Although Veronika Voss was made when Fassbinder’s funding for a film called Kokain (“Cocaine”) fell through, he recognized that his three movies named after women formed a trilogy and labeled Die Sehnsucht der Veronika Voss as “BRD 2" – thus, recognizing that Maria Braun was BRD 1 and Lola BRD 3.   


6.

In Lola, Armin Mueller-Stahl plays the apparently incorruptible building official Von Bohm.  The most difficult assignment for an actor is to play a man of simple good faith and virtue – by comparison, villains are easy to impersonate.  Mueller-Stahl with his piercing blue eyes and perfect Aryan good looks makes a remarkable impression in this film, one of his first pictures after fleeing East Germany.  (On the strength of his performance in this film, Mueller-Stahl became a full-fledged international star.)  


In effect, Mueller-Stahl plays a person with a biography very similar to his own.  The actor was born in 1930 on the marches of East Prussia in Tilsit, a city now located well within the Russian Republic (Sovetsk, Oblast of Kaliningrad).  In High School, Mueller-Stahl was a violin child prodigy and, when we see him playing the fiddle in Lola, he is performing himself.  After the war, Mueller-Stahl’s homeland ceased to exist and he ended up in East Berlin.  He studied acting there, beginning in 1952, and was cast in East German films beginning in the mid-fifties.  He played many different roles and was well-regarded for his versatility and skill.  Between 1973 and 1979, Mueller-Stahl was a household name in East Germany, famous for playing a flamboyant spy modeled on James Bond in the TV show Der Unsichtbare Visier (“The Invisible Vizier”).  Of course, Mueller-Stahl’s exploits in the show were supervised by the Stasi (the East German State Security Police) – the spy was a defender of East German communism.  In 1979, Mueller-Stahl supported Wolf Biermann, the East German protest singer, in his dissent against the State.  Mueller-Stahl probably gambled that he was too famous and well-liked to be persecuted in the East German’s crusade against Biermann.  He lost the wager and was blacklisted.  Mueller-Stahl emigrated to West Germany in 1980.  One of his very first roles in the West was the part of Von Bohm in Lola.  In the film, Von Bohm has come from the East to the small city ruled by the corrupt Schuckert and his girlfriend, Lola.  Indeed, he is quintessentially an East German – that is, a representative of the old civic virtues of duty and loyalty largely eroded in the West.  (In East German propaganda, the West Germans were portrayed as sex-hungry, money-mad pseudo-Americans and, indeed, no longer German at all; what remained of German Tugend – that is, “virtue” – had taken up habitation on the eastern side of the Iron Curtain.)  Mueller-Stahl as Von Bohm arrives in town cloaked in naivety and rectitude.  The film is the story of his ultimate corruption.  

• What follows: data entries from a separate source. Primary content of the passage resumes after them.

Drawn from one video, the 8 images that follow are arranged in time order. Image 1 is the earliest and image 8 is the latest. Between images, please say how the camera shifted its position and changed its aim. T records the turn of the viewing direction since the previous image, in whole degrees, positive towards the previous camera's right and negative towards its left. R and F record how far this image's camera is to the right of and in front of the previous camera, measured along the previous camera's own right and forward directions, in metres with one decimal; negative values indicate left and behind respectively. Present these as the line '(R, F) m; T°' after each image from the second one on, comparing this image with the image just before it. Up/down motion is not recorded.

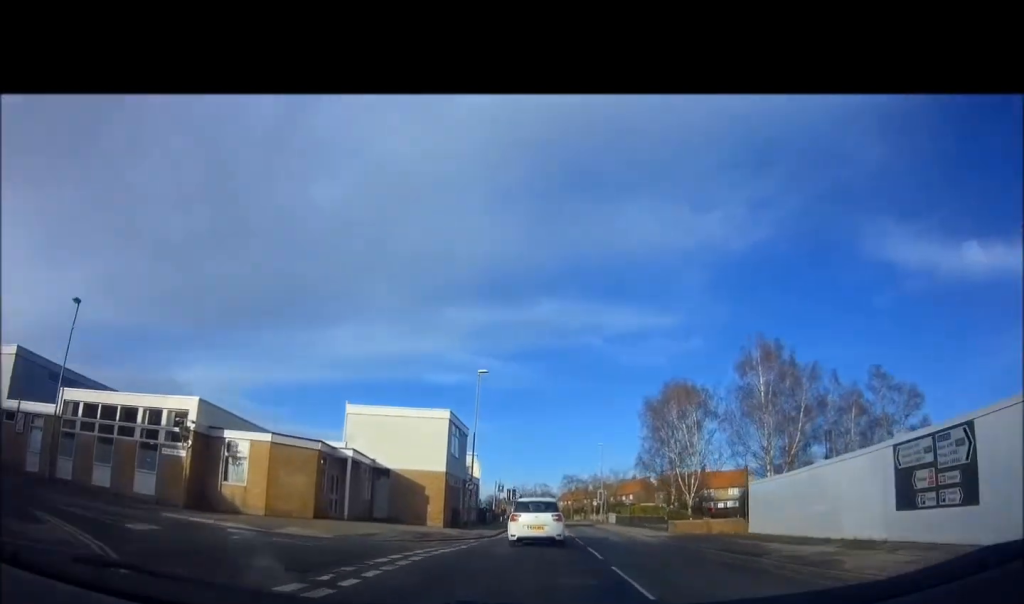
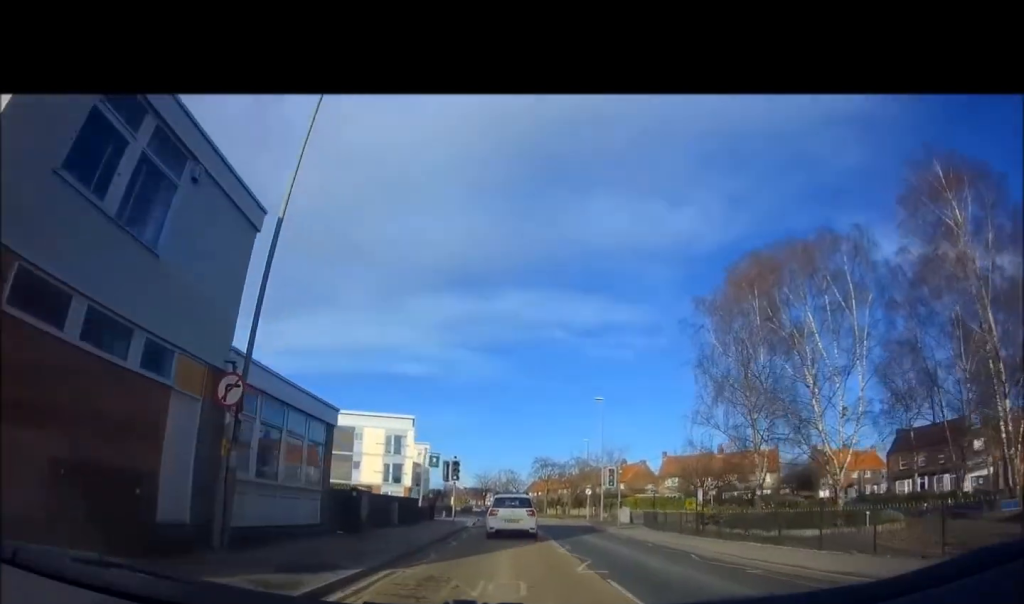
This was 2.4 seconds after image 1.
(+1.3, +24.8) m; +4°
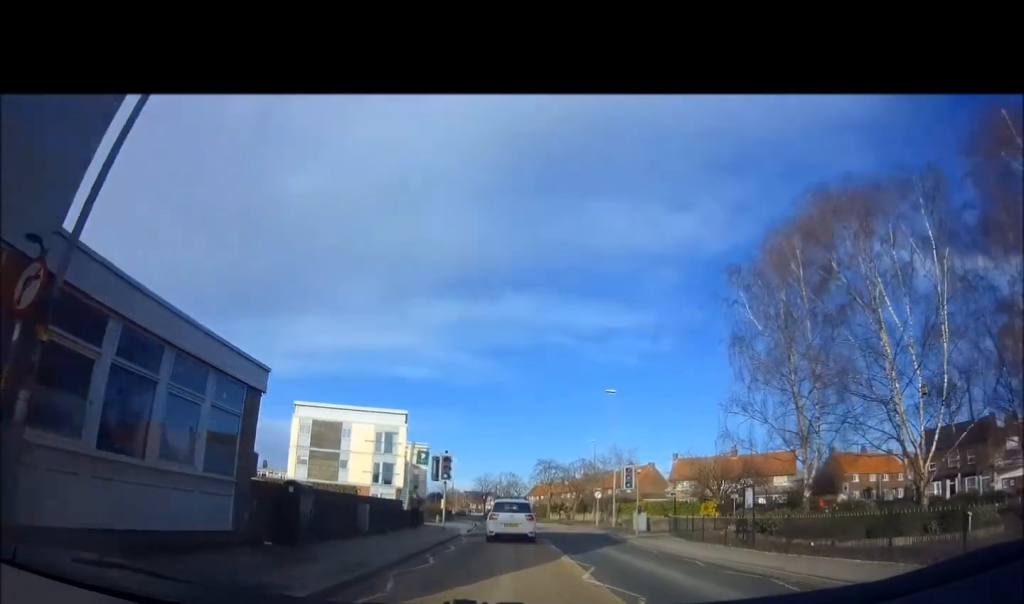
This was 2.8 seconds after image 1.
(0.0, +4.5) m; 0°
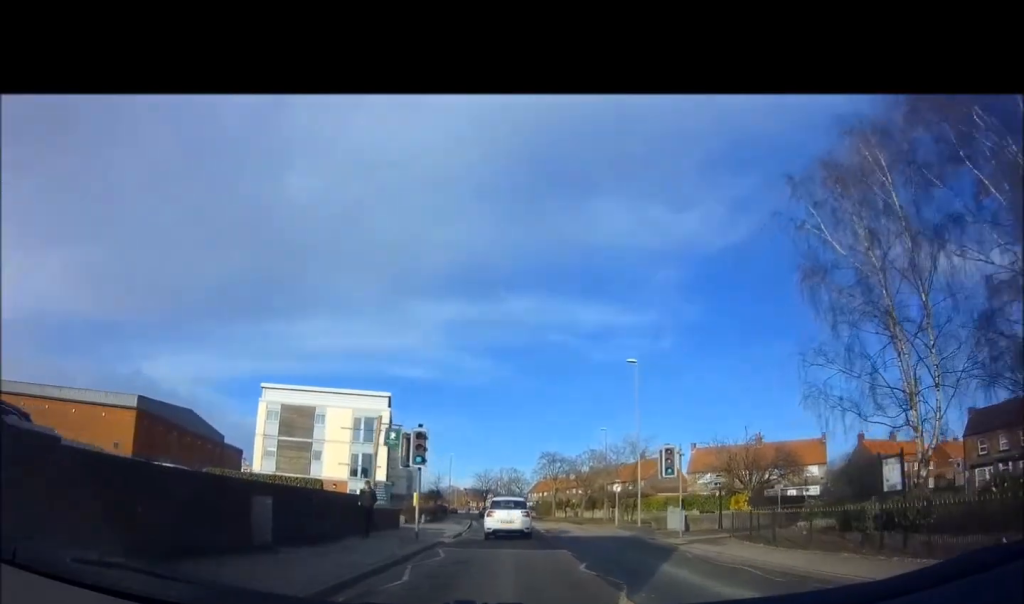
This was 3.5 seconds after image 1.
(0.0, +7.1) m; 0°
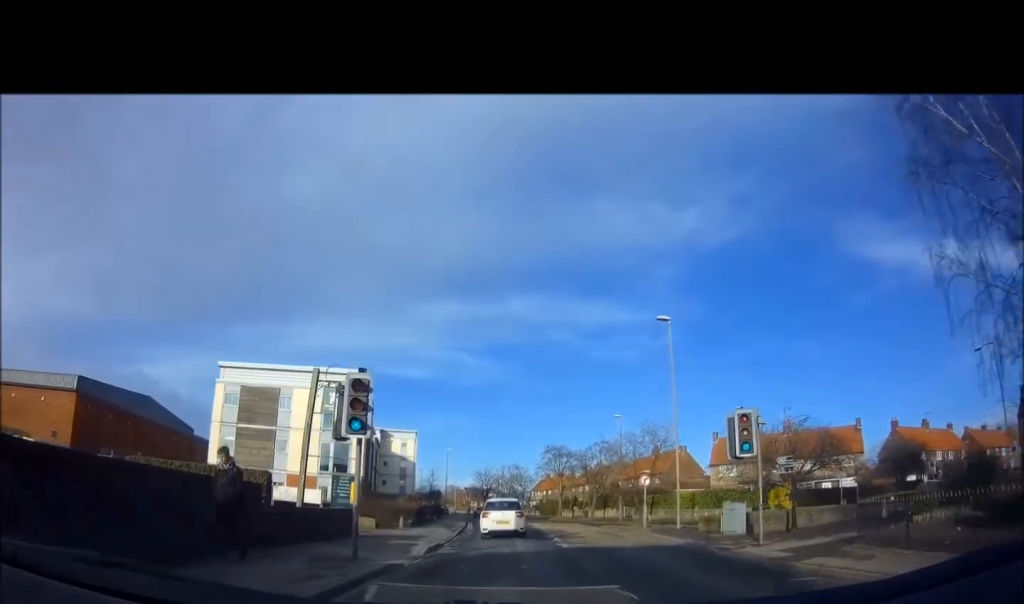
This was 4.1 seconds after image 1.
(0.0, +6.9) m; 0°
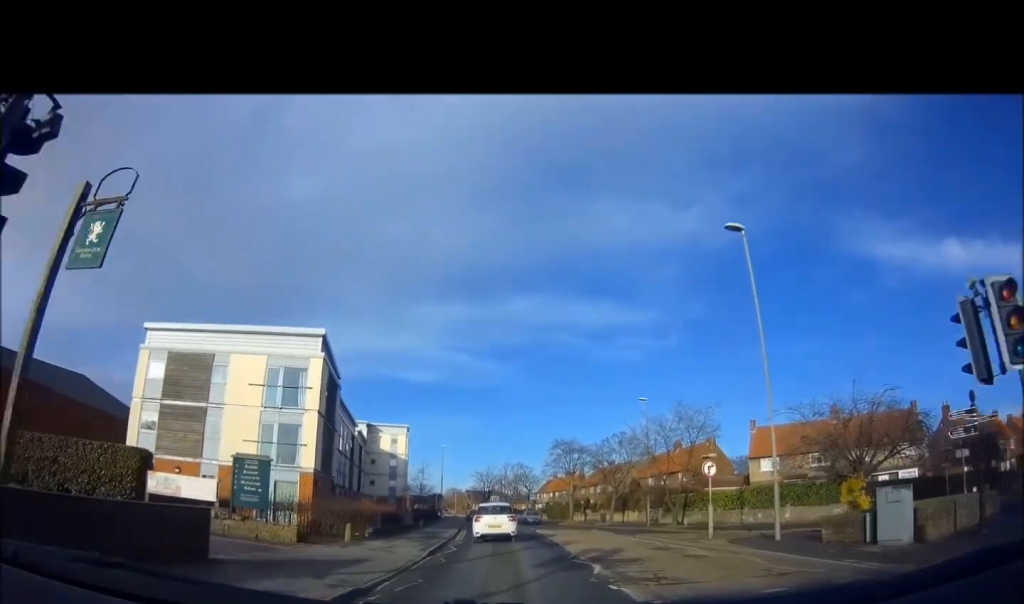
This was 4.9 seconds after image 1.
(0.0, +8.9) m; 0°
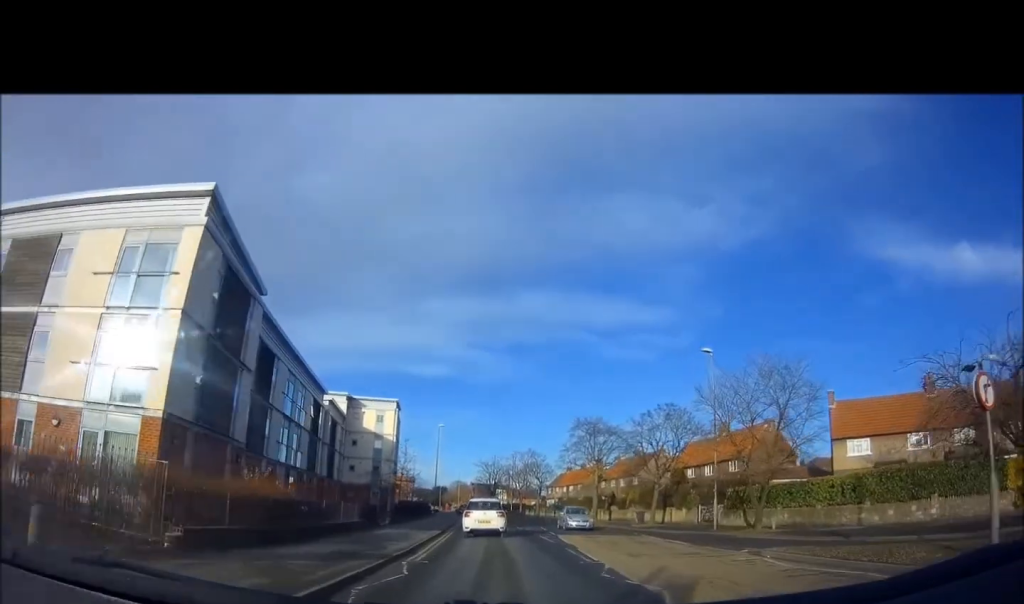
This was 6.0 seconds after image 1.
(-0.1, +12.6) m; -1°
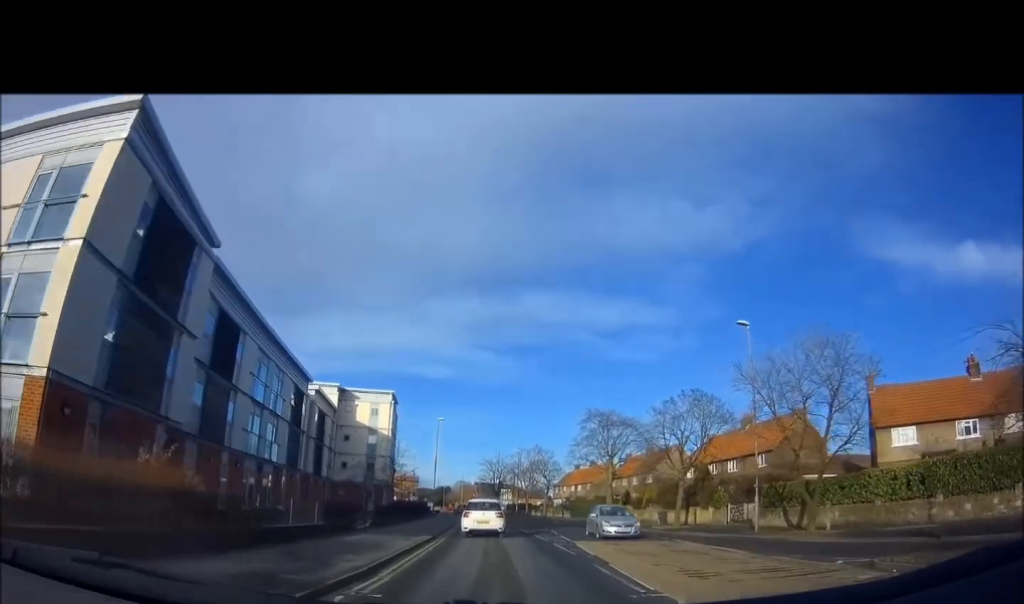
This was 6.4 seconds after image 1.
(0.0, +5.0) m; -1°

Mueller-Stahl is still alive and has appeared in dozens of films.  He worked with Jim Jarmusch in Life on Earth, appeared with Jessica Lange in The Music Box, played a menacing gangster in David Cronenberg’s Eastern Promises (2007) and, in 2015, acted in Terrance Malick’s The Knight of Cups.  In German films, he has played the part of Thomas Mann for a mini-series on TV, and, inevitably, one supposes. acted the part of Hitler, that role in a movie that he directed himself, Gespraech mit dem Biest (“Dialogue with a Beast”).  After appearing in Lola, Mueller-Stahl worked again with Fassbinder the next year in Veronika Voss.  Mueller-Stahl was fifty when he played the part of Von Bohm in Lola.  

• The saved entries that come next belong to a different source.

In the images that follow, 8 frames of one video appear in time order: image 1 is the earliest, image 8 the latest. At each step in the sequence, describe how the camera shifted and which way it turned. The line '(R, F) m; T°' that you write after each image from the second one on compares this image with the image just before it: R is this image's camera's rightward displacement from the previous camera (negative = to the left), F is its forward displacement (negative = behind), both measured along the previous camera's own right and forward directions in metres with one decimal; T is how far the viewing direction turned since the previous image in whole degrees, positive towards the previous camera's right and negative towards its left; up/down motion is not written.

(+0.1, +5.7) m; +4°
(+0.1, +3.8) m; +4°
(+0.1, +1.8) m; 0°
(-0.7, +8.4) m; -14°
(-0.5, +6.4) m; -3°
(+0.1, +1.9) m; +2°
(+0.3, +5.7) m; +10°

Mueller-Stahl recalled that the shoot on Lola was conducted at “lightning speed.”  He said that the sets were brilliant with patches of deeply saturated blue and red lighting, divided by zones of yellow.  Speaking metaphorically, Mueller-Stahl said that Fassbinder continuously drove his actors to excess, outrageous performances – “he made us act,” he complained, “always in the red zone.”


7.

Although he terrorized them, Fassbinder successfully maintained relationships with a group of actors who worked with him loyally until he died.  Indeed, many of these performers have said that Fassbinder spoiled them for other directors – he was too brilliant, too intuitive, and worked with lightning speed so that inspiration on the set never flagged.  (For instance, Armin Mueller Stahl has recently said that Fassbinder was the greatest director with whom he ever worked.)  Fassbinder’s method was idiosyncratic.  He refused to discuss his interpretation of the script with his actors and gave them little in the way of cues.  When queried about how to play a role, Fassbinder’s default mode was to discuss soccer.  (In good weather, the crew always knocked-off at 4:00 pm so that they could play football with the crew on another film shooting at the Bavarian Studios facility where the movie was made.  Everyone knew that no meetings or production could be scheduled for Saturday afternoon, a time Fassbinder devoted to watching soccer on TV.)  People who worked with Fassbinder marveled at his decisiveness and said that he directed “as if by telepathy”, scarcely saying a word on the set.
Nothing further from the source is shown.